3 The precise mechanism responsible for this size selectivity remains controversial. It may stem from the actual physical dimensions of the “pores,” or it may represent the filtering properties of a fiber matrix that either covers or fills the pores.
4 A family of specialized transmembrane proteins, aquaporins, is found in endothelial cells throughout the vasculature and may play important roles in regulating water permeability through this barrier in some vascular bed such as the brain, lungs, and kidney.

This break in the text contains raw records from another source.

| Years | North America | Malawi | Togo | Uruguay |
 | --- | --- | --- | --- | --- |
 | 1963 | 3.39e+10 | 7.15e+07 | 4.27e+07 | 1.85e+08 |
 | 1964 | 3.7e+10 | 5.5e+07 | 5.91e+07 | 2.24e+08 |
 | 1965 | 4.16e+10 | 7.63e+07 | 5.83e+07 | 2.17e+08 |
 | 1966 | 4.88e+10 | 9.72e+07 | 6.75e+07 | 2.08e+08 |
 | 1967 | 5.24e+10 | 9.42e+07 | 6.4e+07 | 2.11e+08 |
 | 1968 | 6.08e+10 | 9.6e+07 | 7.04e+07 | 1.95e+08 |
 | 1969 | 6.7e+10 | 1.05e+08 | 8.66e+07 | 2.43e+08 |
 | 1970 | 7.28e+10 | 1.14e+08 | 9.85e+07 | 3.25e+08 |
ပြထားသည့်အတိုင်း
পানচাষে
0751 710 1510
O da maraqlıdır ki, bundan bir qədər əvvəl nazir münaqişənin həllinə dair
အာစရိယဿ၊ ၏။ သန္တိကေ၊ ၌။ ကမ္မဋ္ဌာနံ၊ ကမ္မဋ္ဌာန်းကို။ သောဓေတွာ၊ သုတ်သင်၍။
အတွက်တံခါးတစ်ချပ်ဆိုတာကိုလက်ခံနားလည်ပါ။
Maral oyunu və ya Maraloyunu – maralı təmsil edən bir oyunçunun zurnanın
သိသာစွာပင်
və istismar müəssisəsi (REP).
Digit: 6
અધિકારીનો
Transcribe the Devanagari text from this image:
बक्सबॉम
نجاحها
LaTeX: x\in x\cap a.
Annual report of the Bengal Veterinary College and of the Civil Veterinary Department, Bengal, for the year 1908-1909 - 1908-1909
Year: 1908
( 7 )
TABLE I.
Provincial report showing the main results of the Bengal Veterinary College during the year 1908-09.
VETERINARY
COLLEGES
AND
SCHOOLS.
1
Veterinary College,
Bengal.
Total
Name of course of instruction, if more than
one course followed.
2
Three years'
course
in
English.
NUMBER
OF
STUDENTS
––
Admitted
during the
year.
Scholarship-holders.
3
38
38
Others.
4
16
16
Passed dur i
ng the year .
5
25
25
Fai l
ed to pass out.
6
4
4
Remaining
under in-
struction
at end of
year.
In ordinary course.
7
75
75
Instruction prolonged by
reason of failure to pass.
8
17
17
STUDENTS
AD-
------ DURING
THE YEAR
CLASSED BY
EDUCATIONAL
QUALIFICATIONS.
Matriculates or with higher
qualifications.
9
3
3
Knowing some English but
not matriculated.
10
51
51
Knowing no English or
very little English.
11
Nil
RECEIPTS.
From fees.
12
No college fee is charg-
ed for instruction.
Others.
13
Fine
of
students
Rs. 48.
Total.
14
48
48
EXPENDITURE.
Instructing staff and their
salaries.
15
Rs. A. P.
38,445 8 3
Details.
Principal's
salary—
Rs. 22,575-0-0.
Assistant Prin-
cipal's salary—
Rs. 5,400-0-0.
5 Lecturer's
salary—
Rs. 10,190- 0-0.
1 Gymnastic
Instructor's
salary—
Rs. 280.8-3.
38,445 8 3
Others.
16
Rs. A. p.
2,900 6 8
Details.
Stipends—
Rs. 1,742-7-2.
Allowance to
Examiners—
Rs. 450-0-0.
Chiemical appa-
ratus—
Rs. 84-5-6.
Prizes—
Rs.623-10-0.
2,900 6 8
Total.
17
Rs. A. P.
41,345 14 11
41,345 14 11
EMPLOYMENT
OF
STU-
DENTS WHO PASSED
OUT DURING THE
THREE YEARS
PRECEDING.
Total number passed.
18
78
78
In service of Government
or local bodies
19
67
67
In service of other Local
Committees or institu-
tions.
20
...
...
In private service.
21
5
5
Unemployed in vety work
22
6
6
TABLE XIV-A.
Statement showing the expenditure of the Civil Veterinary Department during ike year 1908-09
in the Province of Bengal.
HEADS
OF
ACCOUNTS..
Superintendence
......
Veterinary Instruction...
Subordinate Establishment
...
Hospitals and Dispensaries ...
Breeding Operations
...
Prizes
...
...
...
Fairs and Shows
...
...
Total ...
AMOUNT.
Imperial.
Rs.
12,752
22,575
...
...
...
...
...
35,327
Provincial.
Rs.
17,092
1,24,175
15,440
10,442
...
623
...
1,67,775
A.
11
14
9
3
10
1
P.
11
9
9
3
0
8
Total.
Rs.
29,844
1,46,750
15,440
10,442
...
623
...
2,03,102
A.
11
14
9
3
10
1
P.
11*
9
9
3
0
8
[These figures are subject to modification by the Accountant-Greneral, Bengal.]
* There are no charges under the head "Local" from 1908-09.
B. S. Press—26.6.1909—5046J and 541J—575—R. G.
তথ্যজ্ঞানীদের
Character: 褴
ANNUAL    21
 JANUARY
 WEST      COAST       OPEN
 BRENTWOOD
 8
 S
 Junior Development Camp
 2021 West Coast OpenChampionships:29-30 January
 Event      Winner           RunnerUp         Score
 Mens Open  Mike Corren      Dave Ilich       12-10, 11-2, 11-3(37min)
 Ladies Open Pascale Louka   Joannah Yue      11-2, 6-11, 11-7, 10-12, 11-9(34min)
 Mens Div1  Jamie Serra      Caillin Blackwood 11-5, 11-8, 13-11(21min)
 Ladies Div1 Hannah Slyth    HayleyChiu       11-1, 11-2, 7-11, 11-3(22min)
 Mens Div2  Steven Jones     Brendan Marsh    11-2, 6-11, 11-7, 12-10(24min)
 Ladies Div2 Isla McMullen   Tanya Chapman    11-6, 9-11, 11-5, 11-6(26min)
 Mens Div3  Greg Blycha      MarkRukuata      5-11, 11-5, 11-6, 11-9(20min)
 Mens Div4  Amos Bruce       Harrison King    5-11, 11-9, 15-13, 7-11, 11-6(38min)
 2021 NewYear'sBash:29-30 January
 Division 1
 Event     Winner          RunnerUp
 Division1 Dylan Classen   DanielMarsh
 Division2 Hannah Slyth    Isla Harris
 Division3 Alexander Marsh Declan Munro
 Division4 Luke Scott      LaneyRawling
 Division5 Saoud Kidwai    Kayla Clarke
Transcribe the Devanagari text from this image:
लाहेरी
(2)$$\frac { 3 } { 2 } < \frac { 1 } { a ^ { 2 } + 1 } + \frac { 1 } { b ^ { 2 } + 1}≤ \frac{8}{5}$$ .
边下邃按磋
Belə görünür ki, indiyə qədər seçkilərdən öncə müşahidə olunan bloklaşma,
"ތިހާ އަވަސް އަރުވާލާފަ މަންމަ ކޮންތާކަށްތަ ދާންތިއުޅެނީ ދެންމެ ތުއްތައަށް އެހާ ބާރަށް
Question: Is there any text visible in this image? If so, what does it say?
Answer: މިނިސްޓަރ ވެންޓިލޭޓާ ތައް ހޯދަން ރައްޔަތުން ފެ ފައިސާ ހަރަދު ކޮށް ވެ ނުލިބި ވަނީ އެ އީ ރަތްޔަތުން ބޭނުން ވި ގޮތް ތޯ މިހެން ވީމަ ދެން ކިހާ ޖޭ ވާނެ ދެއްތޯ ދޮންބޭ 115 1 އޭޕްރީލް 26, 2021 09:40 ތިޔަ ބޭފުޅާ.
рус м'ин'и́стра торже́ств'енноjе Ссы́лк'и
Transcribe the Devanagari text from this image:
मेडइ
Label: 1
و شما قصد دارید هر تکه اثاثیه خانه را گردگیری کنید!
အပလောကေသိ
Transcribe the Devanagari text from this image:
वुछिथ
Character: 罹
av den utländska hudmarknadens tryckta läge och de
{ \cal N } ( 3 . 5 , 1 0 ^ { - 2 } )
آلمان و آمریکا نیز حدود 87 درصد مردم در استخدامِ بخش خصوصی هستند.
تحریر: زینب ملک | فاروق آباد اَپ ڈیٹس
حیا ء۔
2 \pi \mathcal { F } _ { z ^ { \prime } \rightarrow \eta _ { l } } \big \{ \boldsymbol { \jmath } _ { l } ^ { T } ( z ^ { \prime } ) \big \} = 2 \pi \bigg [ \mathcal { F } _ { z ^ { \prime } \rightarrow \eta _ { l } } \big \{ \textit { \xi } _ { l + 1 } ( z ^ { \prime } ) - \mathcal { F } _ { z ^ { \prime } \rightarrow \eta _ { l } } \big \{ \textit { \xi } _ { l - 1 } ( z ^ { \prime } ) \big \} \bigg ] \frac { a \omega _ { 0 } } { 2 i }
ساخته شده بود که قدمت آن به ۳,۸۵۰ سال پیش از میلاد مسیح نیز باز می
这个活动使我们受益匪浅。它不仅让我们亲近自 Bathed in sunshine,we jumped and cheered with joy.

5 The word “particles” in this sentence is very important to notice. For example, the “normal saline” solution used in medical practice is 150 mM NaCl. However, normal saline actually contains 300 milliosmoles/liter of dissolved particles because NaCl completely dissociates into Na+ and Cl− ions in water.
6 The preceding is a simplified description of the effect of plasma proteins on transcapillary fluid movement. A more thorough analysis would include some additional factors (called Gibbs–Donnan effects) caused by the fact that proteins in solution carry multiple electrical charges. These nuances do not change the basic fact that plasma proteins create an osmotic force favoring fluid reabsorption across capillary walls.
7 After the British physiologist Ernest Starling (1866–1927).